Tribunal Administratif de la Guadeloupe — Décision N° TA105-2501018

jeudi 30 octobre 2025

JuridictionTribunal Administratif de la Guadeloupe
SectionTribunal Administratif de la Guadeloupe
N° DossierTA105-2501018
TypeOrdonnance
RecoursExcès de pouvoir

Résumé IA

Le Tribunal Administratif de la Guadeloupe, statuant en référé, a rejeté la demande de suspension de la décision 48SI du 11 septembre 2025 par laquelle le ministre de l'Intérieur avait invalidé le permis de conduire de M. B... pour solde de points nul. Le juge a constaté que la requête était manifestement irrecevable, car le requérant n'avait pas, malgré une demande de régularisation, présenté de requête distincte pour la suspension et l'annulation, en méconnaissance de l'article R. 522-1 du code de justice administrative. L'ordonnance se fonde sur les articles R. 222-1 et R. 522-1 du code de justice administrative pour rejeter la requête sans examiner le fond, ni la condition d'urgence invoquée par M. B....

Texte intégral

Vu la procédure suivante :

Par une requête et deux mémoires complémentaires, enregistrés les 1er, 7, 16 et 28 octobre 2025, M. A... B... demande au juge des référés, sur le fondement de l’article L. 521-1 du code de justice administrative :

1°) de suspendre l’exécution de la décision référencée 48SI du 11 septembre 2025, par laquelle le ministre de l’Intérieur a prononcé l’invalidité de son permis de conduire et lui a enjoint de restituer celui-ci aux services préfectoraux de la Guadeloupe.

Il soutient que :

- l’infraction ayant été commise le 28 février 2024, il n’a été informé du retrait de point qu’au moment de la notification de la décision 48SI, soit un délai anormalement long, ce qui constitue un manquement à l’obligation de notification régulière et à la possibilité qui lui était donnée de gérer son capital de points en temps utile ;
- avant d’avoir connaissance de cette infraction, il s’était volontairement engagé à suivre un stage de sensibilisation à la sécurité routière ; la notification tardive l’empêche aujourd’hui d’y participer normalement ;
- il est confronté à une urgence professionnelle et académique, son permis de conduire étant indispensable à l’exercice de ses fonctions et à la poursuite de ses études.

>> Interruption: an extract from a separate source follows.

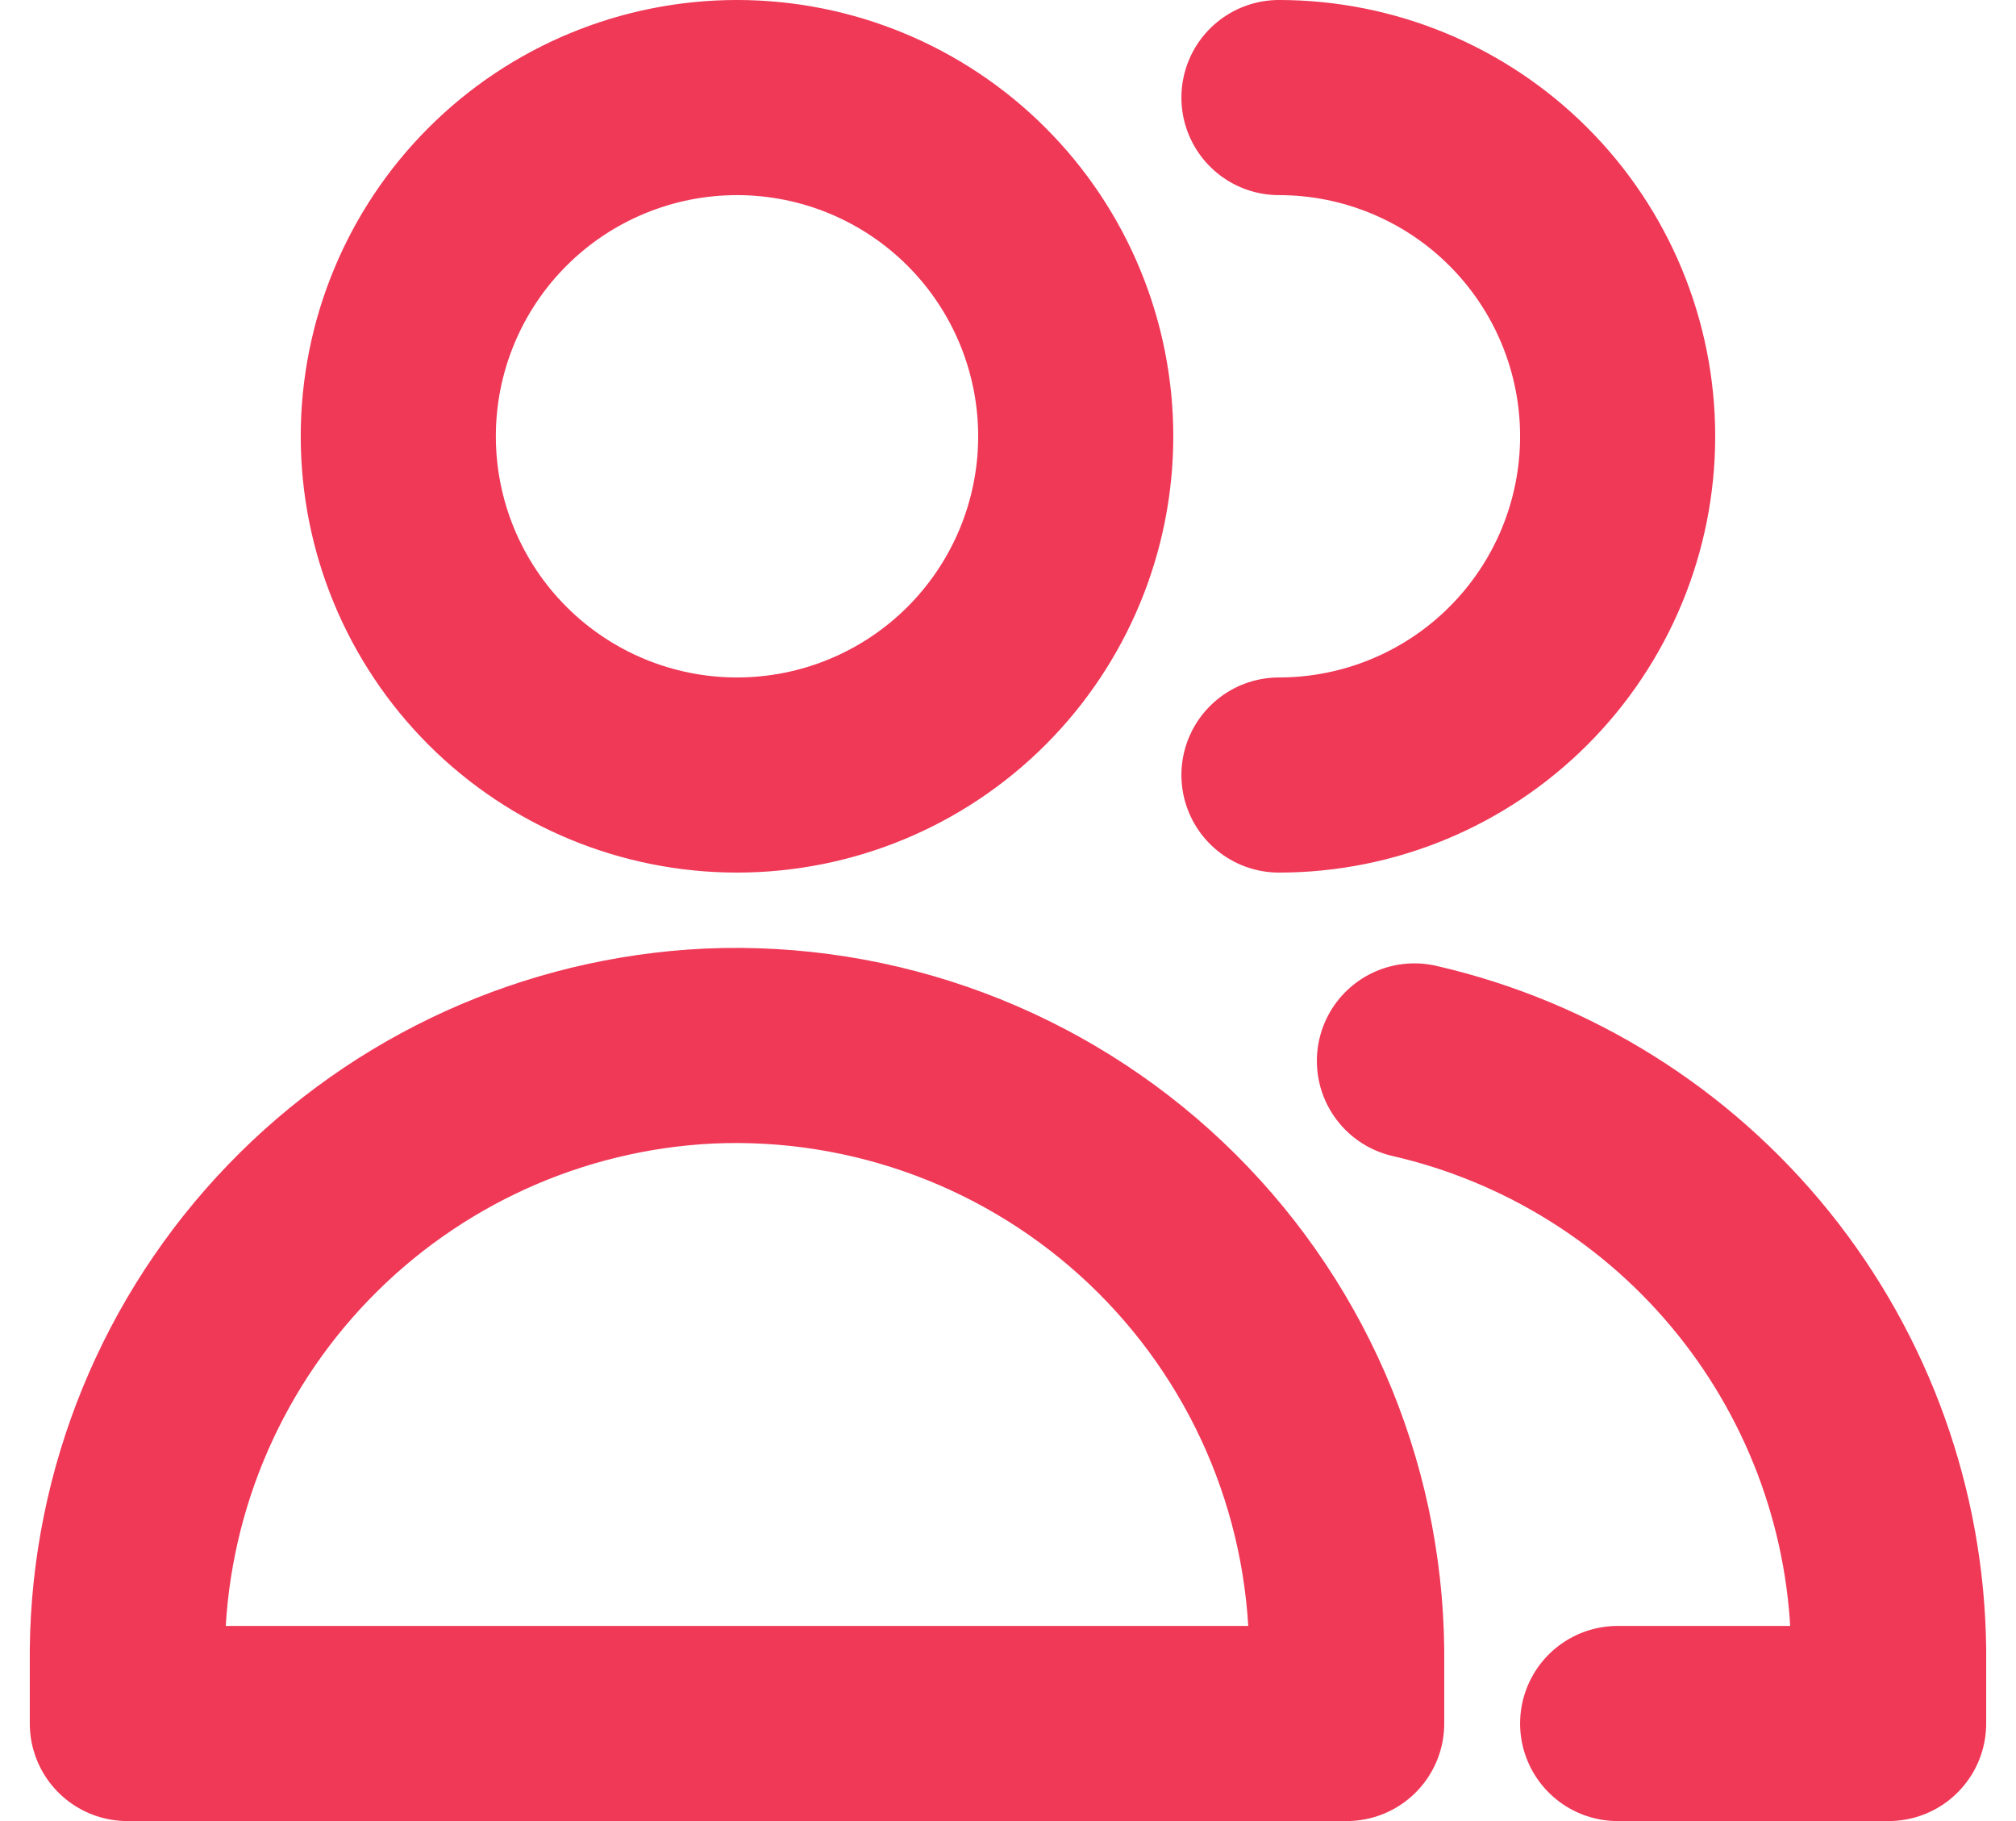 <?xml version="1.0" encoding="UTF-8"?> <svg xmlns="http://www.w3.org/2000/svg" width="62" height="56" viewBox="0 0 62 56" fill="none"><g clip-path="url(#clip0_60_8)"><path d="M39.333 23.833C42.095 23.833 44.745 22.736 46.698 20.782C48.652 18.829 49.749 16.179 49.749 13.417C49.749 10.654 48.652 8.004 46.698 6.051C44.745 4.097 42.095 3 39.333 3M49.749 53H58.083V50.742C58.038 46.523 56.576 42.443 53.93 39.156C51.285 35.87 47.611 33.569 43.499 32.625M22.666 23.833C25.429 23.833 28.078 22.736 30.032 20.782C31.985 18.829 33.083 16.179 33.083 13.417C33.083 10.654 31.985 8.004 30.032 6.051C28.078 4.097 25.429 3 22.666 3C19.903 3 17.254 4.097 15.3 6.051C13.347 8.004 12.249 10.654 12.249 13.417C12.249 16.179 13.347 18.829 15.3 20.782C17.254 22.736 19.903 23.833 22.666 23.833ZM3.916 53H41.416V50.742C41.389 48.223 40.856 45.735 39.849 43.426C38.842 41.117 37.38 39.034 35.552 37.301C33.723 35.569 31.565 34.221 29.205 33.339C26.846 32.457 24.333 32.058 21.816 32.167C17.026 32.394 12.503 34.444 9.175 37.898C5.848 41.351 3.966 45.946 3.916 50.742V53Z" stroke="#F03857" stroke-width="6" stroke-linecap="round" stroke-linejoin="round"></path></g><defs><clipPath id="clip0_60_8"><rect width="62" height="56" fill="white"></rect></clipPath></defs></svg> 
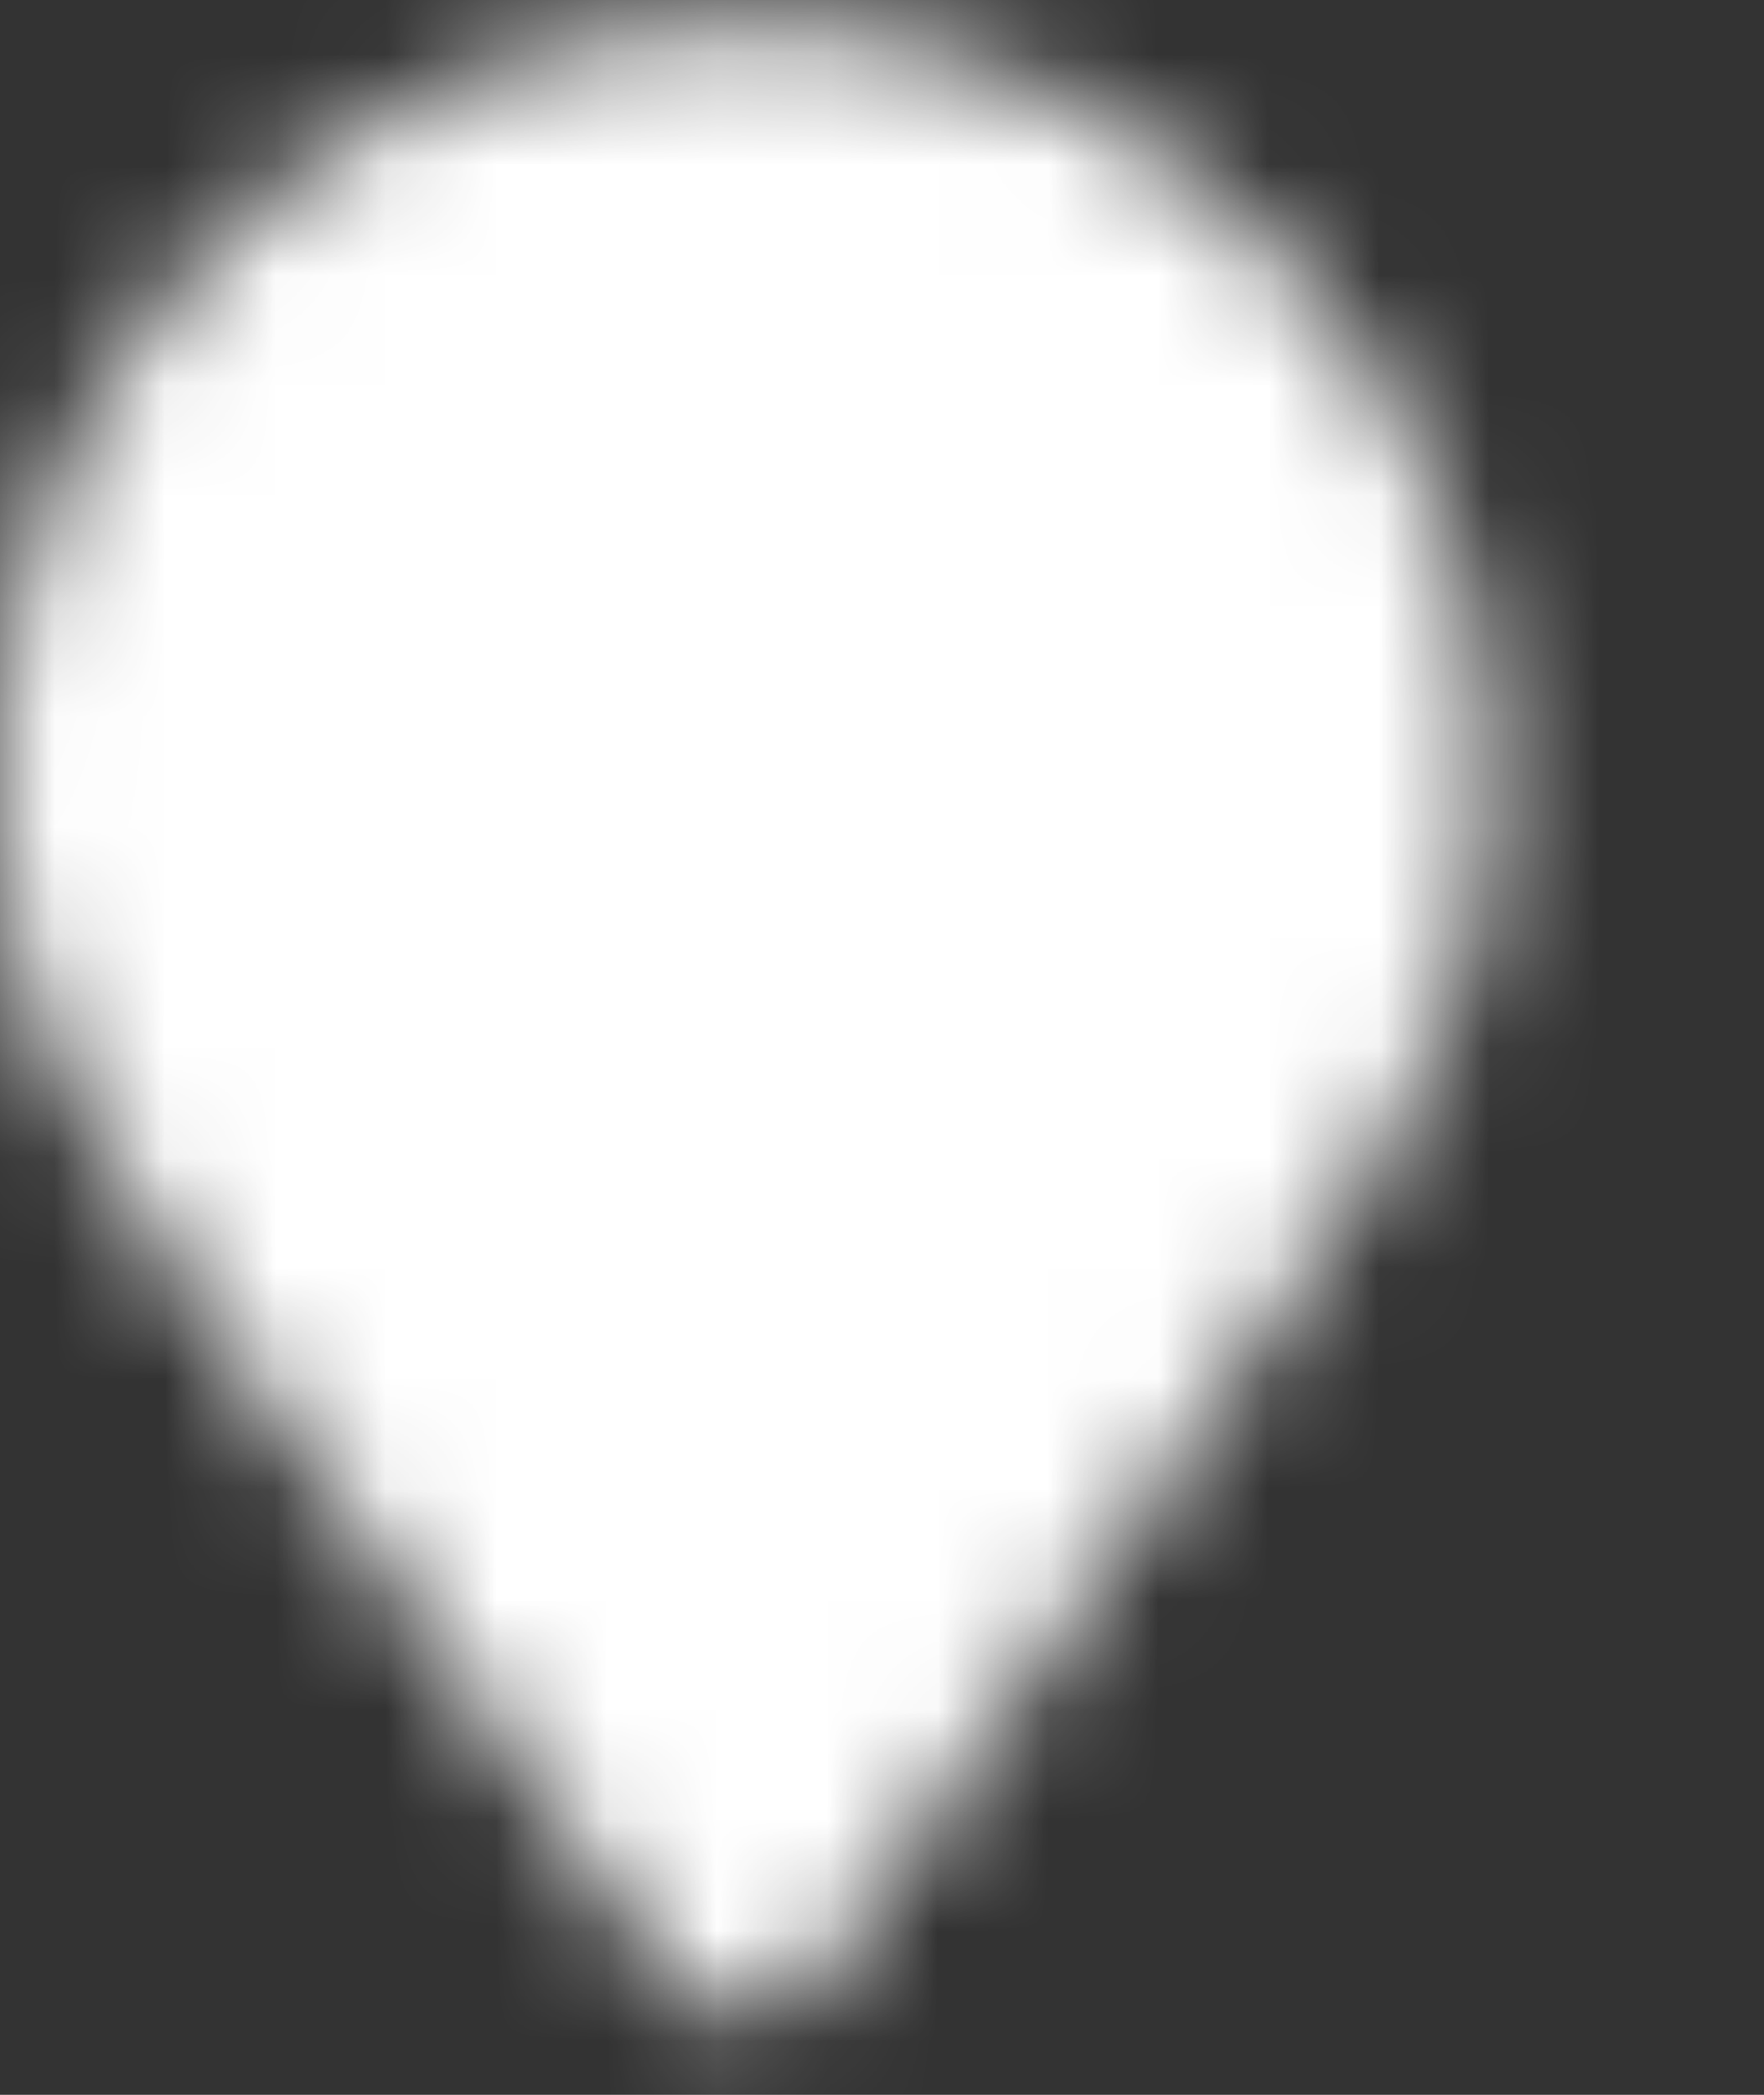 <svg width="16" height="19" fill="none" xmlns="http://www.w3.org/2000/svg"><rect width="100%" height="100%" fill="#333333" stroke="none"/><mask id="a" maskUnits="userSpaceOnUse" x="0" y="0" width="14" height="19"><path d="M6.047 17.898c.14.247.387.352.703.352a.82.82 0 0 0 .703-.352l2.356-3.375c1.16-1.687 1.933-2.812 2.32-3.41.527-.843.879-1.547 1.09-2.11A6.72 6.72 0 0 0 13.5 7c0-1.195-.316-2.32-.914-3.375a7.485 7.485 0 0 0-2.461-2.46C9.07.565 7.945.25 6.75.25c-1.23 0-2.355.316-3.375.914-1.055.633-1.863 1.441-2.46 2.461C.28 4.68 0 5.805 0 7c0 .773.07 1.441.281 2.004.176.562.528 1.266 1.09 2.11.352.597 1.125 1.722 2.32 3.41.95 1.37 1.723 2.496 2.356 3.374z" fill="#fff"/></mask><g mask="url(#a)"><path fill="#fff" d="M-5-4h29v25H-5z"/></g></svg>

Vu les autres pièces du dossier.

Vu le code de justice administrative.


Considérant ce qui suit :

D’une part, aux termes de l'article R. 222-1 du code de justice administrative : «(…) Les présidents de tribunal administratif (...) peuvent, par ordonnance : / (…) 4°Rejeter les requêtes manifestement irrecevables, lorsque (…) elles n'ont pas été régularisées à l'expiration du délai imparti par une demande en ce sens ; / (…).».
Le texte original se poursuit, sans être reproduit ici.